Бонапарт, еще до того, как провозгласить себя императором, посетил гробницу Руссо на Тополином острове в Эрменонвиле под Парижем и, по свидетельству современника, так отозвался о Жан-Жаке: « – Было бы лучше для спокойствия Франции, если бы этот человек не существовал. – Но почему, гражданин консул? – Это он подготовил революцию. – Я думаю, гражданин консул, что не вам следует жаловаться на революцию. – Как сказать, будущее покажет, не лучше ли было бы для человечества, если бы ни Руссо, ни я никогда не существовали». «Гражданский кодекс» Наполеона, ставший образцом гражданского законодательства для всех европейских стран, многим обязан «Общественному договору» Руссо. Нельзя не привести другое высказывание Наполеона, записанное его биографом на острове Святой Елены: «Моя истинная слава – не сорок выигранных битв: одно Ватерлоо изглаживает воспоминания о стольких победах!.. Но что никогда не забудется, что будет жить вечно, это мой Гражданский кодекс». Однако в отличие от философа, которого Наполеон считал «красноречивым идеологом» и даже «болтуном», себя он ощущал бичом божьим (ровно так же, как наш Пугачев, да и все сколь-нибудь заметные смутьяны христианского мира), иначе говоря – человеком, приговоренным изменить лицо своего отечества и мира.

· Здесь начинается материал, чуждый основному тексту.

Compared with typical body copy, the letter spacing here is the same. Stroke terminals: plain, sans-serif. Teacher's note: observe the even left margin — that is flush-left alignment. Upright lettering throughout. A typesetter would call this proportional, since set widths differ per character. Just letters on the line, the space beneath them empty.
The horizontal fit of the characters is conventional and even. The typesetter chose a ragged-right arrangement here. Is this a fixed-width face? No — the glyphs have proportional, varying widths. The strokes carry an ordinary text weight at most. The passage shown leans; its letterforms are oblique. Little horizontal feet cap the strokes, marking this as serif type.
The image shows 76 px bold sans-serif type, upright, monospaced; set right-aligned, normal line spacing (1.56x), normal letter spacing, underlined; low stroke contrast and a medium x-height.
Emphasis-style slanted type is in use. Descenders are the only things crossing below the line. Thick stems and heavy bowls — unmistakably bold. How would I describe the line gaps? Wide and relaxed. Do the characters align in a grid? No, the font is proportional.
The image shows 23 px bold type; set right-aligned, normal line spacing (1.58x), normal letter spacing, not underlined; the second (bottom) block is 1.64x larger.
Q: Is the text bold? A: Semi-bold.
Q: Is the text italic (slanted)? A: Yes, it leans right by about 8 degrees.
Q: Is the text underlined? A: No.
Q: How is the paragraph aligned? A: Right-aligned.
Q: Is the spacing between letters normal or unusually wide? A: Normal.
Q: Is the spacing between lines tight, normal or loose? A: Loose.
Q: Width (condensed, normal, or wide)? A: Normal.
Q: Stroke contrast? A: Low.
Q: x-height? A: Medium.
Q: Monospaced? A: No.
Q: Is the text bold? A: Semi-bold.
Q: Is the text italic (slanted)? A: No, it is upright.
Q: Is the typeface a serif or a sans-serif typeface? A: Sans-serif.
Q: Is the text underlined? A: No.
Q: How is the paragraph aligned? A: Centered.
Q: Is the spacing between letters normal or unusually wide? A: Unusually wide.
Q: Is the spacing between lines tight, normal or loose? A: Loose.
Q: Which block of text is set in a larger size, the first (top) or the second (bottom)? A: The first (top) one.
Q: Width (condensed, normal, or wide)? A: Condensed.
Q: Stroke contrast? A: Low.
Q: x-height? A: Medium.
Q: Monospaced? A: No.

Принципиальная схема нашего социального устройства остается неизменной со времени возникновения-изобретения древнейших государств в Египте и Междуречье: правители/жрецы/воины/рабочая сила. Но в судорогах и корчах История вовлекает в свое движение все большее количество людей. Ученики Руссо, коммунисты, считали, что целью Истории является создание общества, в котором свободное развитие каждого станет залогом или результатом свободного развития всех. Мечтать не запретишь. И все же нельзя оспорить, что у Истории имеется если не цель, то направление – оно ведет к оптимизации человеческих ресурсов. Для этого границы сословий и каст должны стать проницаемыми – чтобы, скажем, крестьянин (при определенных способностях, упорстве и везении) мог стать академиком или маршалом. Тогда как до Руссо и его последователей, Робеспьера и Ко, даже карьера Наполеона Бонапарта была невозможна в принципе (оттого роялисты и республиканцы окрестили его «узурпатором», а честолюбцы и поэты романтизма превратили образ Наполеона в икону).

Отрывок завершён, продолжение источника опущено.